The Good Samaritan Food Pantry and Thrift Store has served the Rusk community for over 25 years in various locations, starting with a church closet. The Rusk population is a little over 4,000 people, but along with the additional people who drive in to use the pantry, Burford said the facility helps nearly 5,000 people a year.

Burford said food distribution currently operates out of a small warehouse, where families can get everything they need by driving through.

“We have volunteers that come in and they help us unload the (supply) truck,” Burford said. “The cars drive through and vehicles are loaded from both sides by volunteers with produce and boxes of food. The boxes of food weigh about 45 pounds, … and then on top of that we give them about 15 to 20 pounds of frozen meats. And then they get … whatever produce that comes in on the truck.”

While Burford said families love the drive-thru, their current facility is “substandard” and in need of an upgrade. The new food pantry location will include a resource area, medical office, training lab with computers, learning kitchen and new thrift store.

In designing a new facility, Gilbert said the engineering students have to ask themselves a variety of questions.

“You need to figure out, … where are you going to put the structures?” Gilbert said. “How big are the structures going to be? How are you going to provide energy for the structures? How are you going to deal with wastewater from the structures? How are you going to configure the transportation system for the people who work there and for the people who are coming in to get the food?”

Toth said she felt a mixture of excitement and intimidation during the trip to see the new food pantry location.

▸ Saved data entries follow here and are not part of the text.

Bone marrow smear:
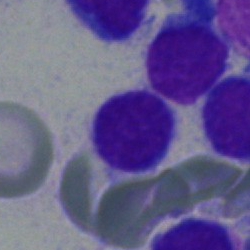

Cell = lymphocyte.
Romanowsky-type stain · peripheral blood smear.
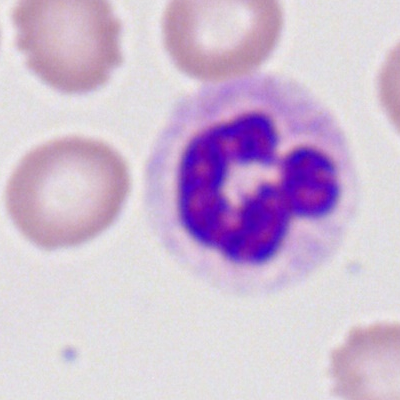
Classification — neutrophil (segmented).
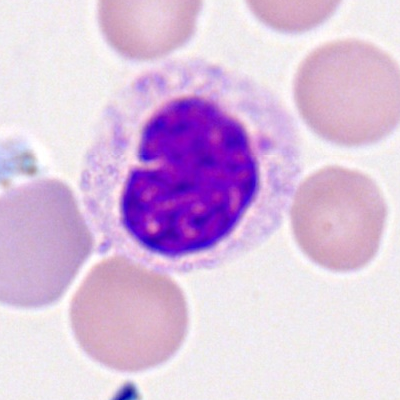

Morphology — polymorphonuclear neutrophil.
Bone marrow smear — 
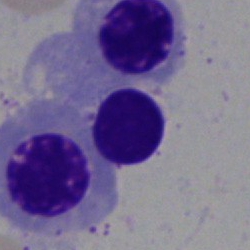This is a normoblast.
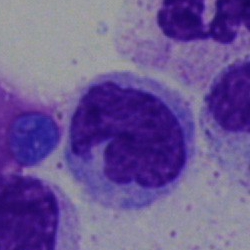

Specimen: bone marrow aspirate smear.
Cell: monocyte.
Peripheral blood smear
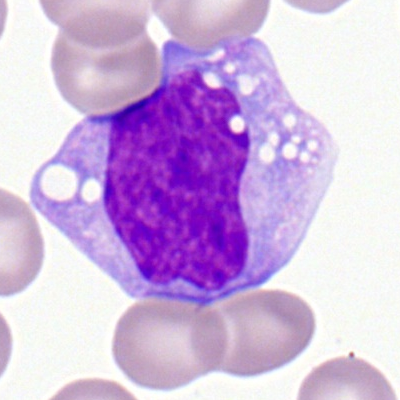
Monocyte.
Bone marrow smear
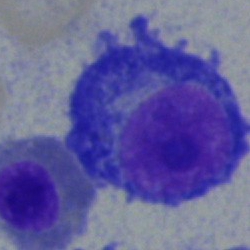Morphology consistent with a plasmacyte.
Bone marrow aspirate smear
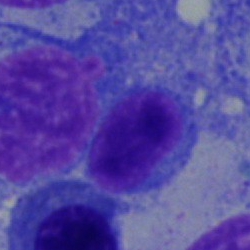Typical lymphocyte.
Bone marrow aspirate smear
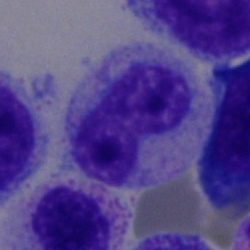Impression → band-form neutrophil.
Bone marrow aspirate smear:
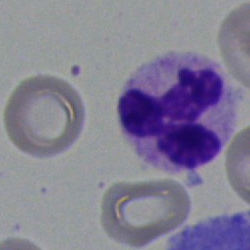
Specimen: bone marrow aspirate smear.
Cell: segmented neutrophil.
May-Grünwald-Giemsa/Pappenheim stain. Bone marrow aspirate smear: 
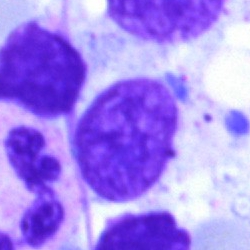

Impression — artefact.
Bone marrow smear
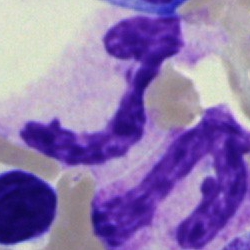 Q: Which cell type is shown here?
A: This is a segmented neutrophil.
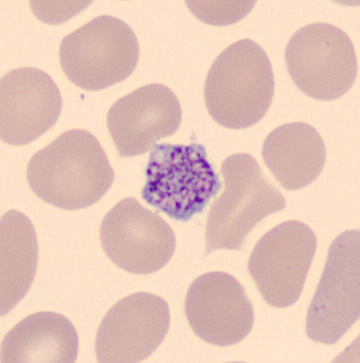
Q: What is shown here?
A: It is a thrombocyte.
Preparation: Peripheral blood film.
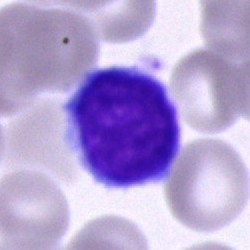
Bone marrow aspirate smear, single cell — lymphocyte.
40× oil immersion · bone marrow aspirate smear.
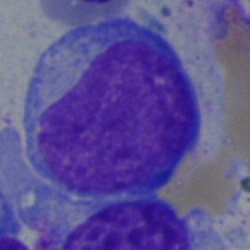
Cell — blast cell.
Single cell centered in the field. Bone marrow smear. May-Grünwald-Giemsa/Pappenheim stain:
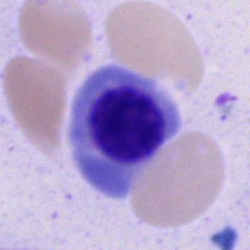
This is a nucleated red cell.
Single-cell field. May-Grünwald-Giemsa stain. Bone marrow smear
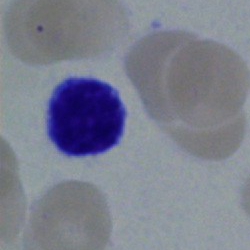 This is a lymphocyte.
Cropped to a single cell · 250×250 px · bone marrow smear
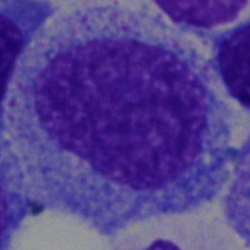Cell: progranulocyte.
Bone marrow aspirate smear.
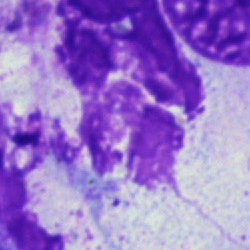Impression → artifact.

“Seeing the new site, it’s definitely daunting because it’s truly just dirt and trees,” Toth said. “And … it’s on a slant, which makes it easy for drainage but then difficult for actual development. And the dirt isn’t ideal for a foundation or pavement, so we’re going to have to do some work regarding that.”

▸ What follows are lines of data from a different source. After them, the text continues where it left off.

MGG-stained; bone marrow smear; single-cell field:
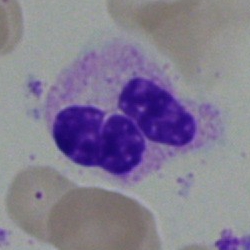

Specimen: bone marrow smear.
Cell: basophil.
Lineage: myeloid.
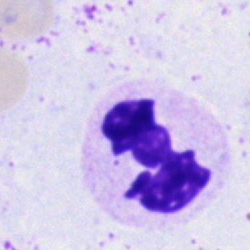

Q: What is the morphological classification of this cell?
A: A segmented neutrophil.
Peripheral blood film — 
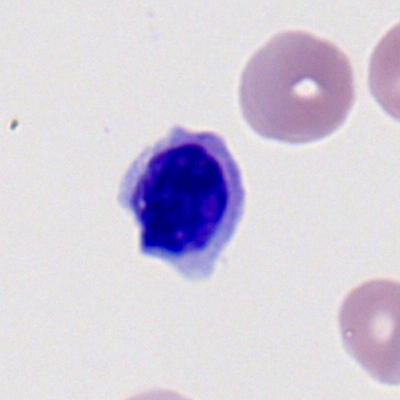Specimen: peripheral blood film.
Cell: erythroblast.
Lineage: erythroid.
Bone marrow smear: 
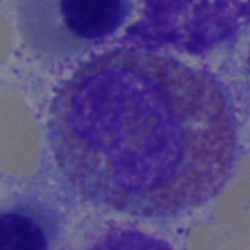Showing an eosinophil.
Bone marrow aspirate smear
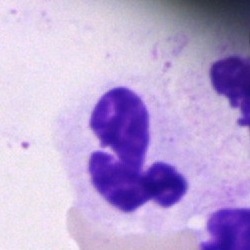 Single cell identified as a polymorphonuclear neutrophil.
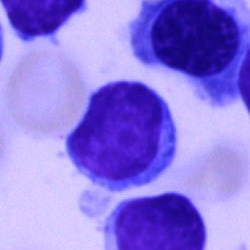
Morphological class = lymphocyte.
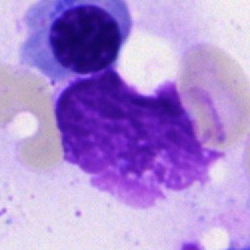 Classification — artifact.
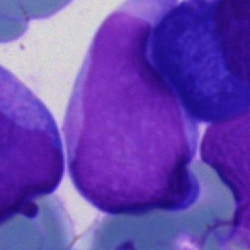

Morphology — undifferentiated blast.
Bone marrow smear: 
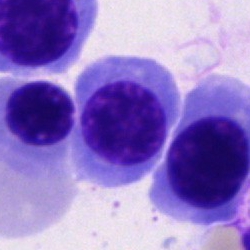Morphology consistent with a nucleated red blood cell.
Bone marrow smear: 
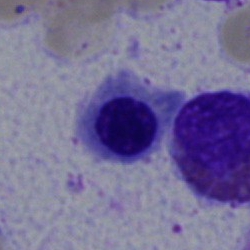 Nucleated red cell.
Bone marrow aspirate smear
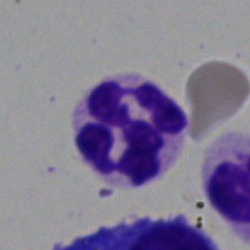The classification is segmented neutrophil.

Though the task may seem daunting, Gilbert said each team in the capstone program consults with two engineering professionals, who mentor the group and help supervise their progress. 

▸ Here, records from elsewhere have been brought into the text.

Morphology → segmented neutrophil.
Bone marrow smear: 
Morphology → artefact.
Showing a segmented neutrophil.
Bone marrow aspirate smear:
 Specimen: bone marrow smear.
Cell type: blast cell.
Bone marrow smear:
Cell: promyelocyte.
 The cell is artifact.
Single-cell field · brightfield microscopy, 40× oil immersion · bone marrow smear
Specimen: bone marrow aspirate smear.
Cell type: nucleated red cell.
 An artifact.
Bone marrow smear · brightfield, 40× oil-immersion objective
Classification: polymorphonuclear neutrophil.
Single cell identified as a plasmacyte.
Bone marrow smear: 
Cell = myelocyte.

“So not only are these real projects, but the engineering that the students are doing is solid engineering, because we’re making sure that people who actually do this for a living are looking over their shoulders,” Gilbert said. 

In addition to design help from UT students, the Good Samaritan has received financial support for their new location from the Rusk community. One family donated $50,000 in honor of their late daughter, who loved the food pantry.

“She loved coming down here when she was alive, and she loved the camaraderie and she loved the volunteers that were here,” Burford said. “It felt like home to her. She didn’t need it, but she would come home with giant cabbages saying, ‘Look at this cabbage I got,’ and she’d be so proud of it.”

Toth said she felt touched by the hospitality of the food pantry volunteers. She said Burford and her colleagues decorated, set up and served the students barbecue for lunch when they came to survey the site.

“It just feels like a really tight-knit community,” Toth said. “Everybody knew each other, all the volunteers knew each other. So it was really cool to just be invited into that and be a part of that for a day.”

Gilbert said his students’ main objective for the semester is creating a finalized design for the facility that the Good Samaritan can present to potential donors and submit for construction permits. Burford said she hopes to have concrete laid down at the new location in the fall.

“We teach what it means to be an engineer and how you have an obligation to serve the public,” Ross said. “We do these community service projects to really live up to our goals as civil engineers and show them that this is why we do what we do to make the community a better place.”